The statement, signed by 54 people, appeals to the court to respond urgently to Bano's right "to live without fear and in peace."
IIM Banglore

Representational use only.Image Courtesy: Wikimedia Commons

IIM Bangalore (IIMB) faculty and staff, in a letter to the Chief Justice of India (CJI), said that they were stunned by the Gujarat government's decision to provide remission to 11 convicts in the Bilkis Bano case.

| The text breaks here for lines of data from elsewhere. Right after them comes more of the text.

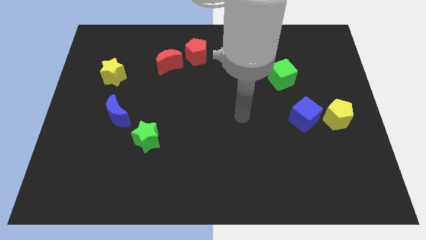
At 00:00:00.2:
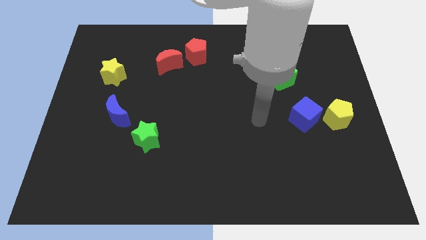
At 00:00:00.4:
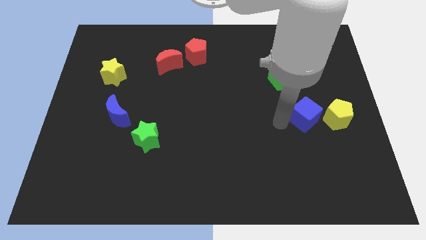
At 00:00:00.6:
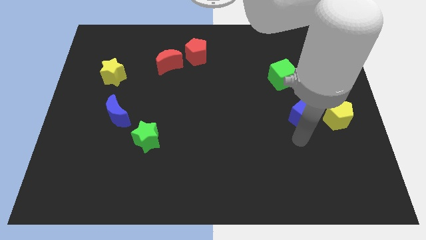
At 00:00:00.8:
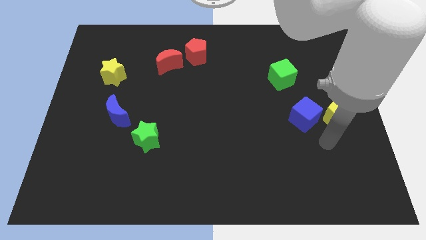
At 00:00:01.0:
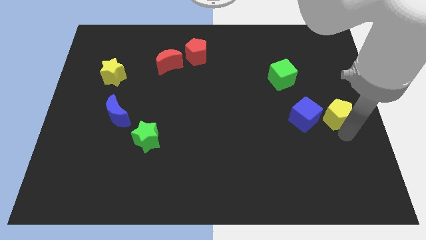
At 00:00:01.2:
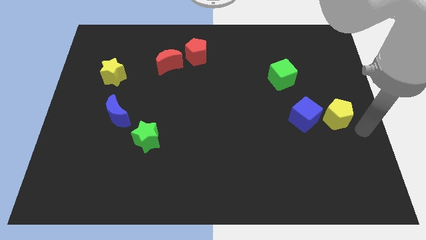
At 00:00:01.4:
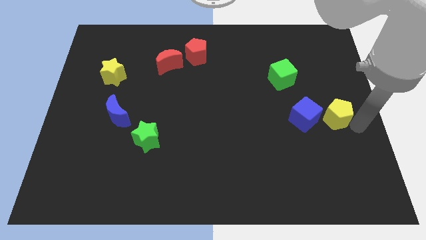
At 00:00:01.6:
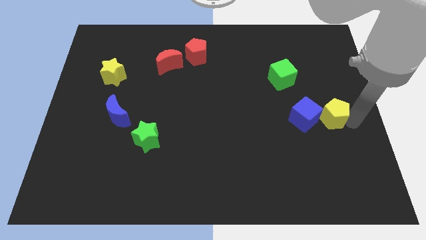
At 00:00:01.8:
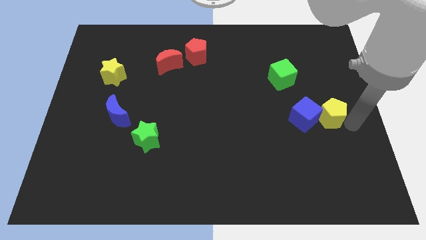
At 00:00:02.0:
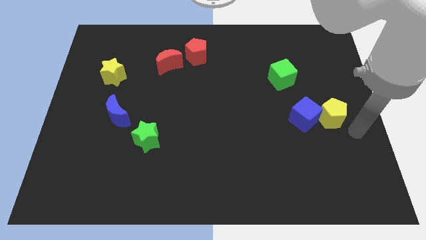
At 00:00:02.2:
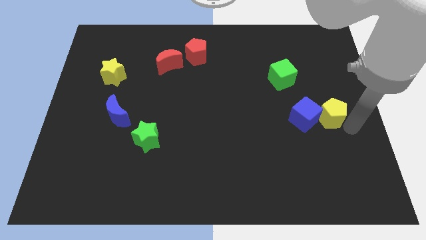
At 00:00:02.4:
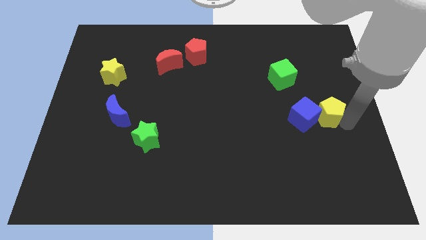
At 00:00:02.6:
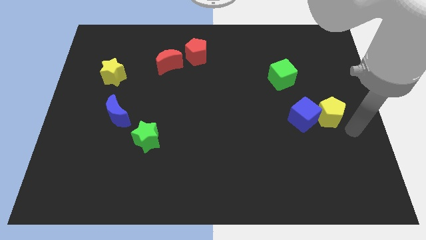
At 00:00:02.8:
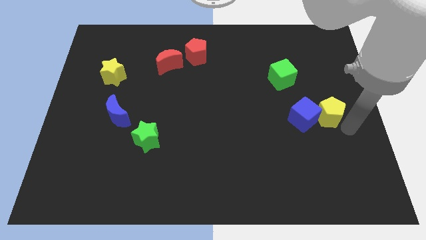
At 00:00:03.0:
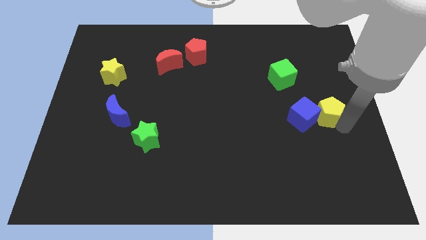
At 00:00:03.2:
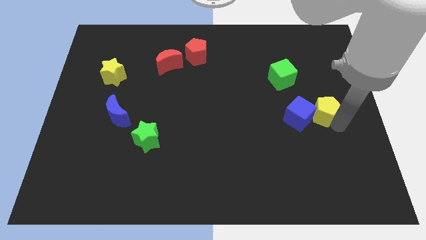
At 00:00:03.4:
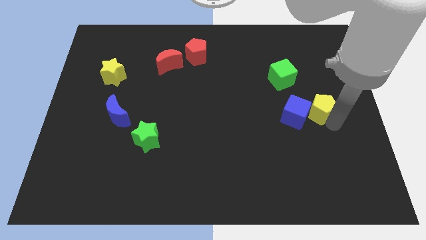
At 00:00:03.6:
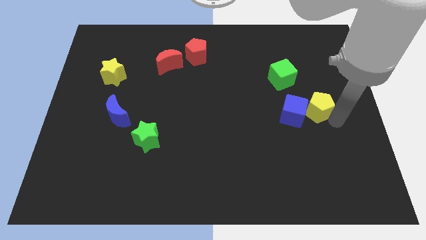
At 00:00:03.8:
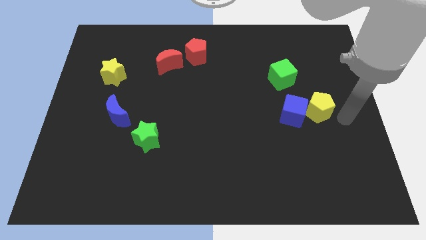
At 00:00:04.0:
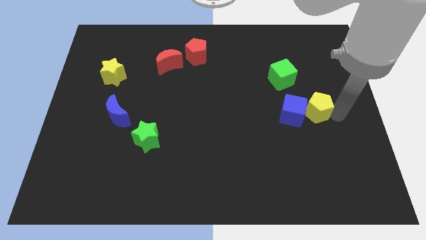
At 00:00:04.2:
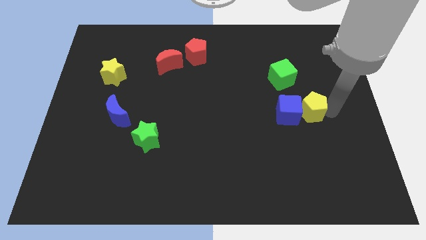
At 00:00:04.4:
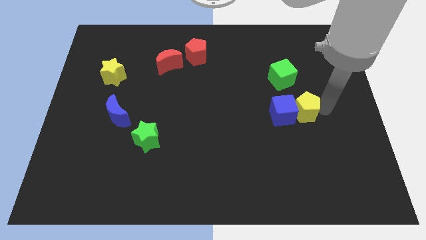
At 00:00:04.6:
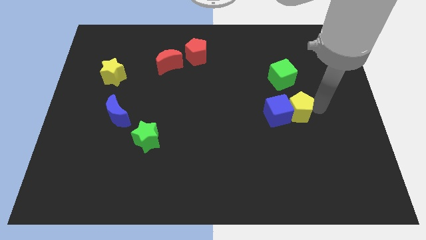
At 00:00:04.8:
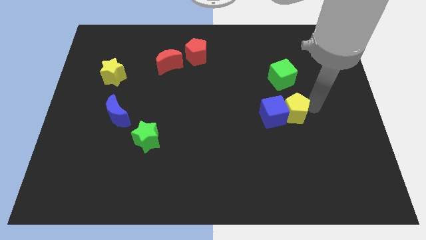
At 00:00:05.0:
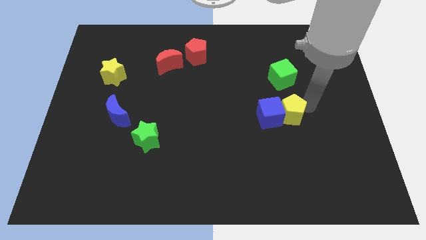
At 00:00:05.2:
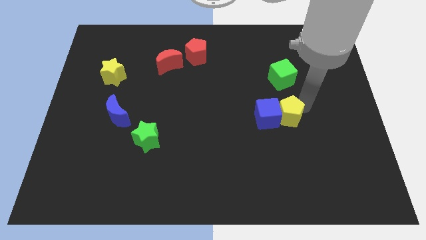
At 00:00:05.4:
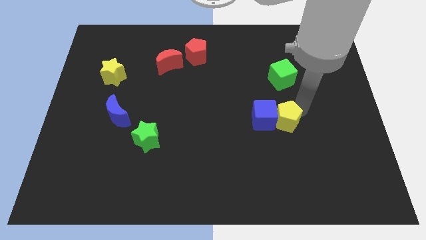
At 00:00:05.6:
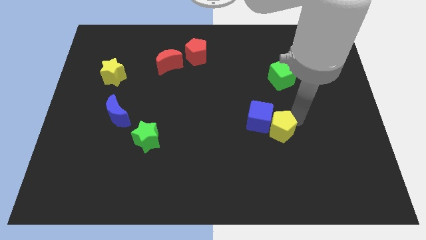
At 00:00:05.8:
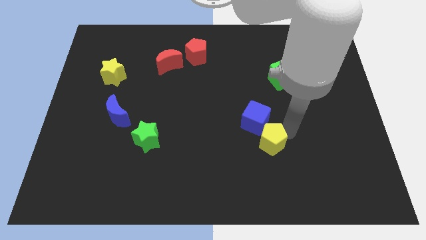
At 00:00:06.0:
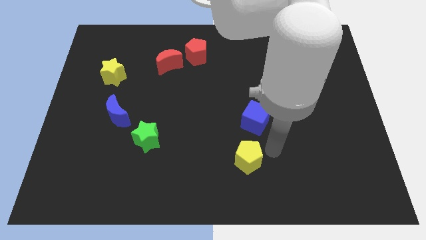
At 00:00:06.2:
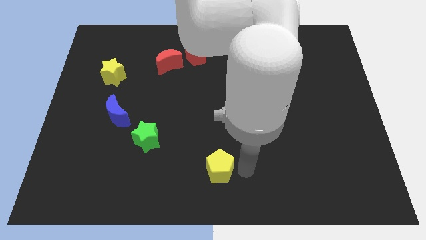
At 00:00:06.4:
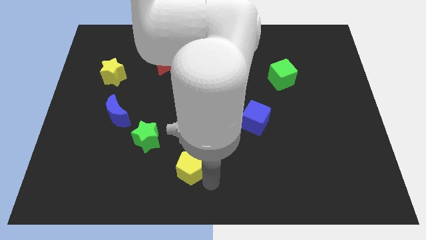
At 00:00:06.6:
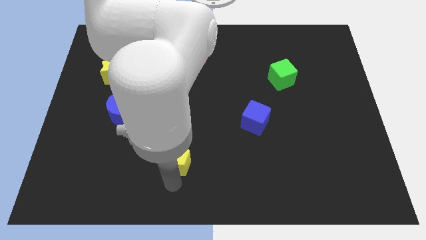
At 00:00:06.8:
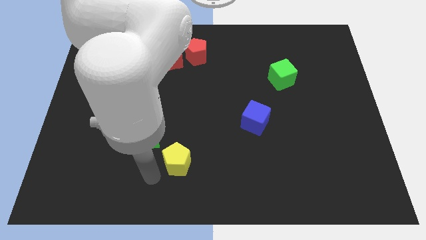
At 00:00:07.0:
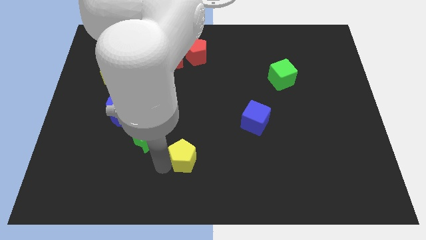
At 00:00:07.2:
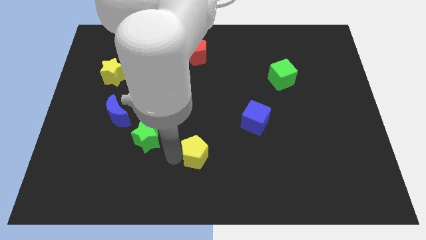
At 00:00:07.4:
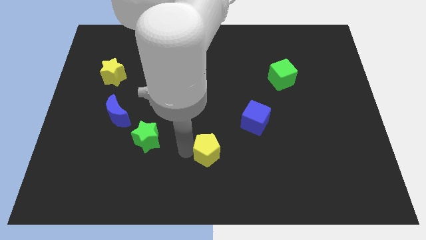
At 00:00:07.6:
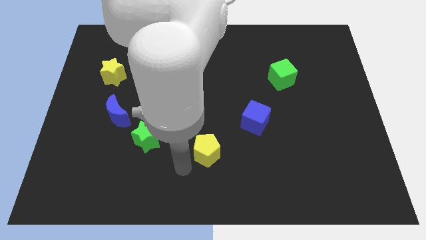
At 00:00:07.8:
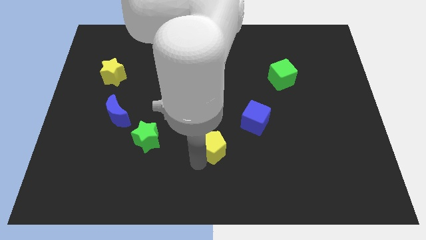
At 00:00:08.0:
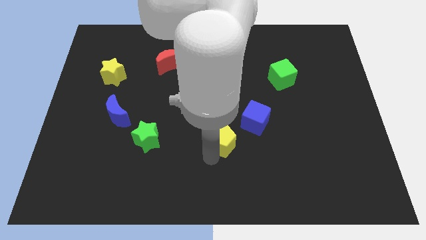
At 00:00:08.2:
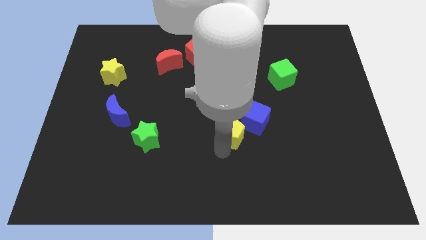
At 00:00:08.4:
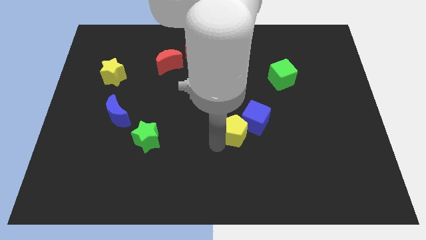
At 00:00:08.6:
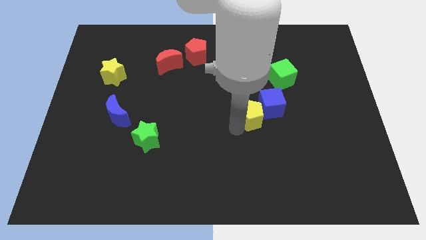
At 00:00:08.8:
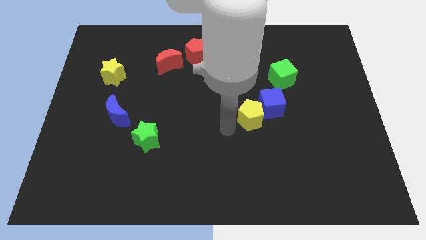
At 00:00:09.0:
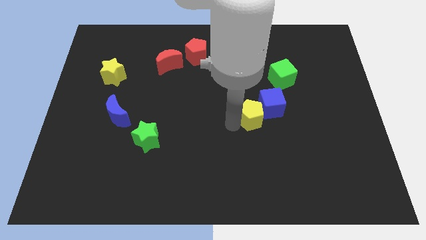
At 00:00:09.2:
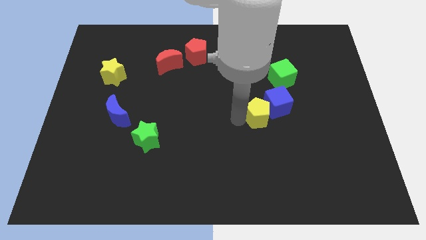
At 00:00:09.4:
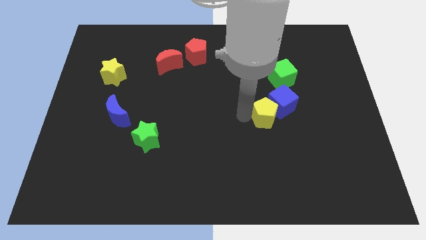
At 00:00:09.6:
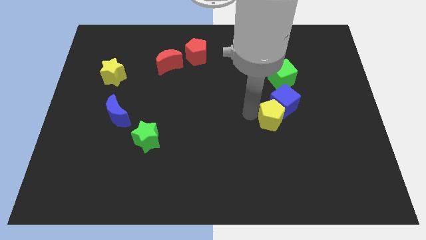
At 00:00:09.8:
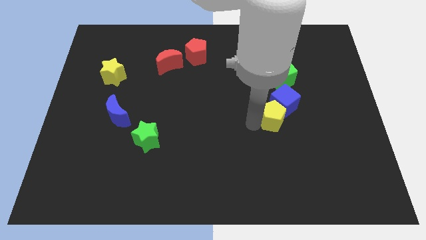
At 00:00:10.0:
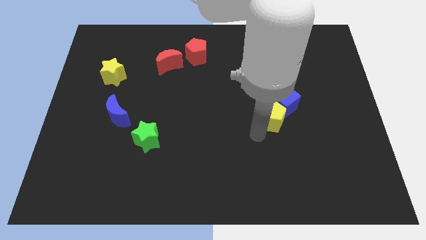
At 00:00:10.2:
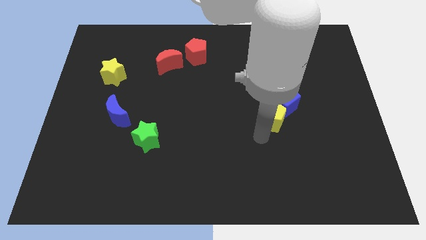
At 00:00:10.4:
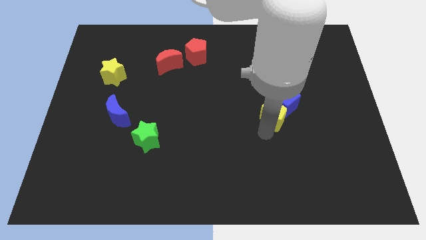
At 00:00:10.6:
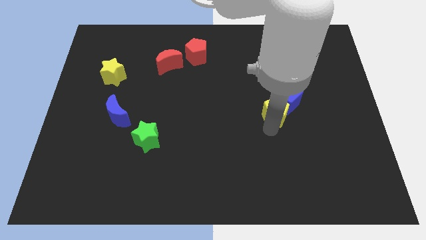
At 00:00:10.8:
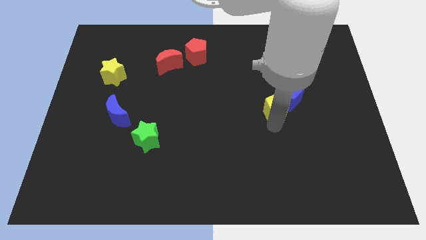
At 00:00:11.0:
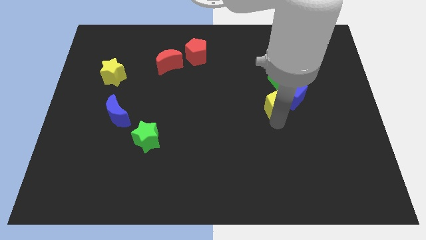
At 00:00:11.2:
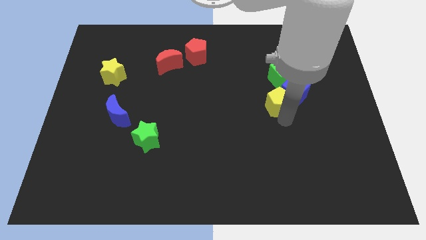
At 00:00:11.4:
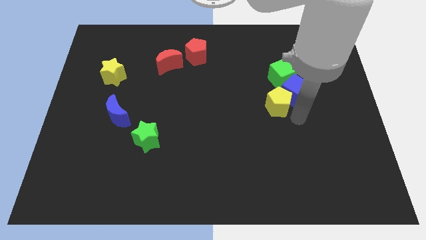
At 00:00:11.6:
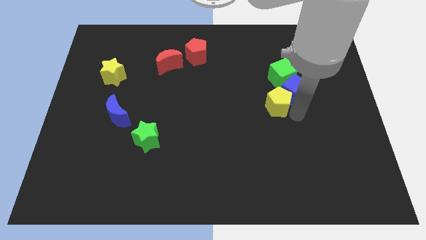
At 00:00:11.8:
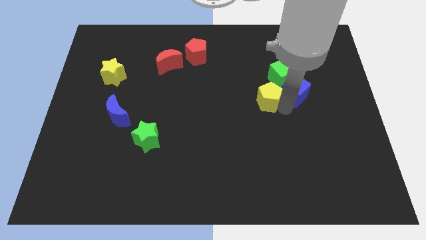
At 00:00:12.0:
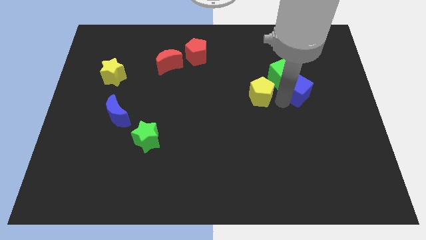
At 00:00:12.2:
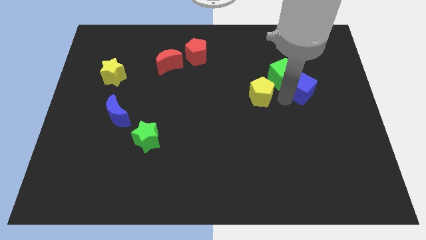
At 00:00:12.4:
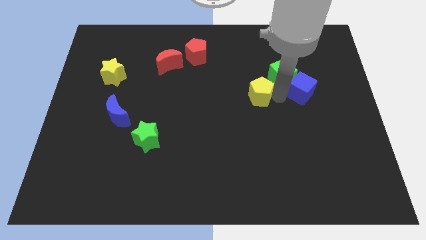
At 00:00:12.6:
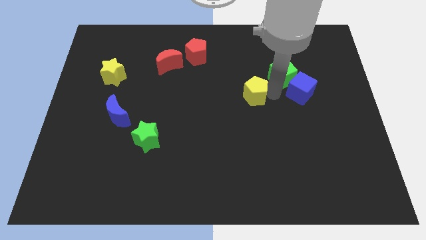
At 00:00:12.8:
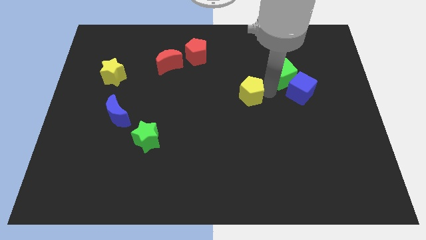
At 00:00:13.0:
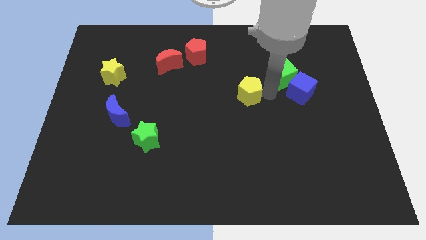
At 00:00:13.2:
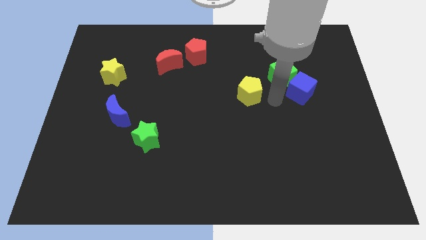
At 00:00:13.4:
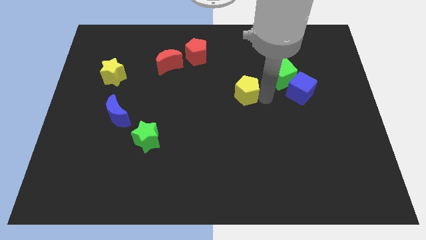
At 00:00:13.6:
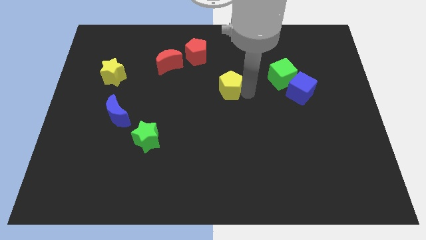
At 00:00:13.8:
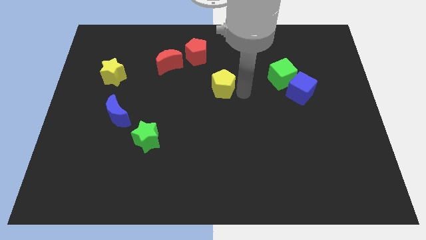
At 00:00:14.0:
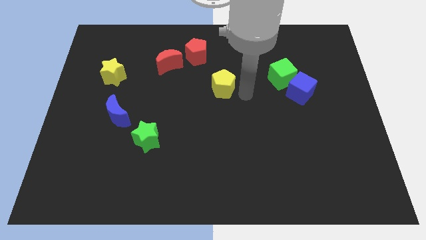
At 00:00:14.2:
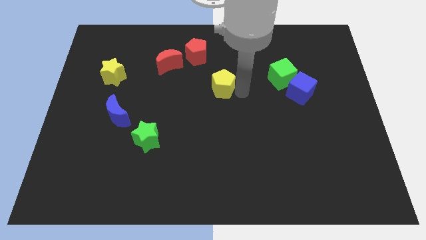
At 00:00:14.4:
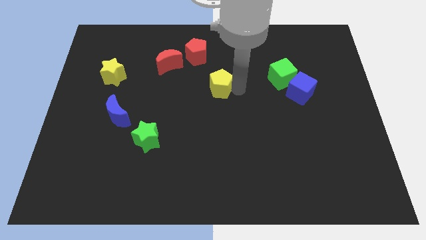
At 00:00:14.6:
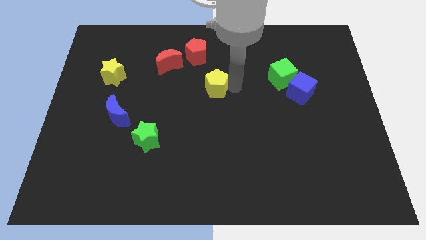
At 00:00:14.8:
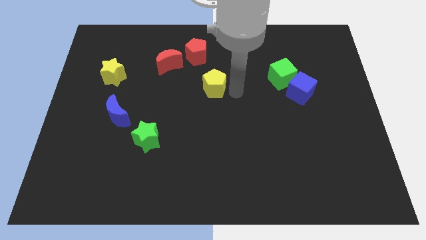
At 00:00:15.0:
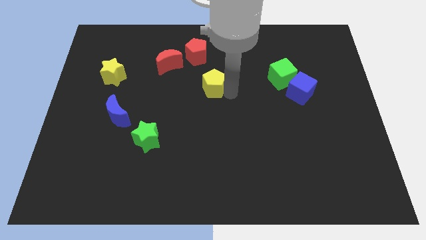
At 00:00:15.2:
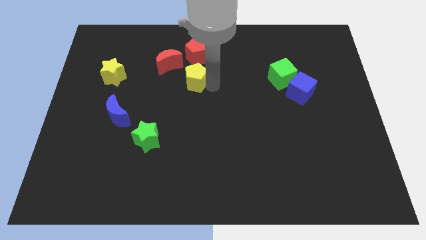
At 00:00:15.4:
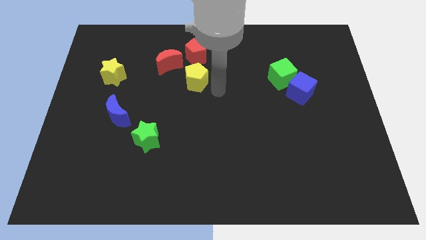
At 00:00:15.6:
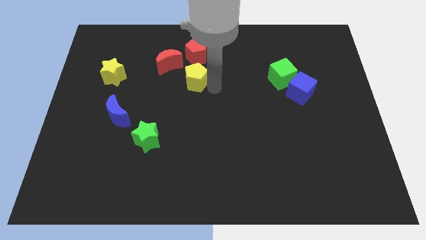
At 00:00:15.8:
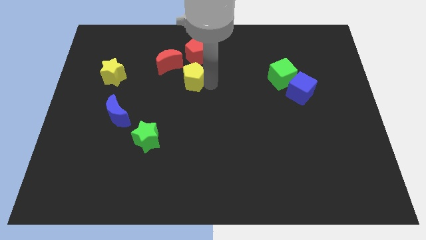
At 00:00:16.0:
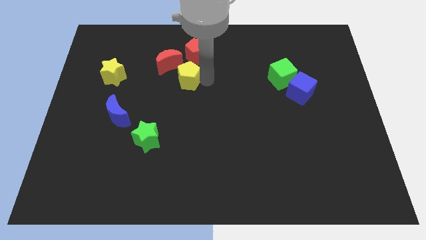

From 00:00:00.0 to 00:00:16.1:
move the yellow pentagon to the bottom left of the red pentagon

The statement, signed by 54 people, appeals to the court to respond urgently to Bano's right "to live without fear and in peace."

Eleven convicts serving life imprisonment in the Bilkis Bano gangrape case from the 2002 Gujarat riots were set free from the Godhra sub-jail on August 15, after the Gujarat government permitted their release under its remission policy.

The Bilkin Bano gangrape case occurred in 2002 when on March 3, 19-year-old Bilkis Bano and her family were trying to escape a mob on a truck in Limkheda taluka of Dahod district during the Gujarat Riots. Bilkis Bano, who was five months pregnant then, was gangraped after an armed mob attacked the truck. The mob killed 14 members of her family, including her 2-year-old daughter, mother, and cousin.

When Bilkis Bano approached the local police station to file a case, she was threatened with dire consequences. She later petitioned the Supreme Court, which directed a CBI probe into the matter. The Supreme Court moved the case from Gujarat to Maharashtra after Bilkis Bano and her family complained of receiving death threats.

In January 2008, a Mumbai court sentenced 11 out of 19 accused to life imprisonment for gangrape and murder. The Bombay High Court upheld the conviction in May 2017. Bilkis Bano was awarded compensation of Rs 50 lakh by the Supreme Court in 2019.

The statement by IIMB faculty and staff held that the crimes committed by the 11 men granted remission were no ordinary crimes.

"They were accused and convicted of gang rape and murders of the most depraved and inhumane kind. The Supreme Court itself upheld their conviction in 2008."

The remission, the statement says, "is not only a denial of justice but also presents a real and immediate danger to Bilkis Bano and her family." It deplored the sympathetic treatment the convicted men received as "shocking."

"What kind of a nation are we turning into if Bilkis Bano is left to defend herself while her violators are given a hero's welcome?"

Furthermore, it asks the legal system and courts to aid citizens in securing justice, liberty, equality, and fraternity so that "the horrors that Bilkis Bano underwent in 2002 should not be experienced by any woman anywhere."

"This remission is bound to embolden perpetrators of such heinous crimes while simultaneously extinguishing the hope of millions of Indians who look up to the courts to deliver justice," the statement read.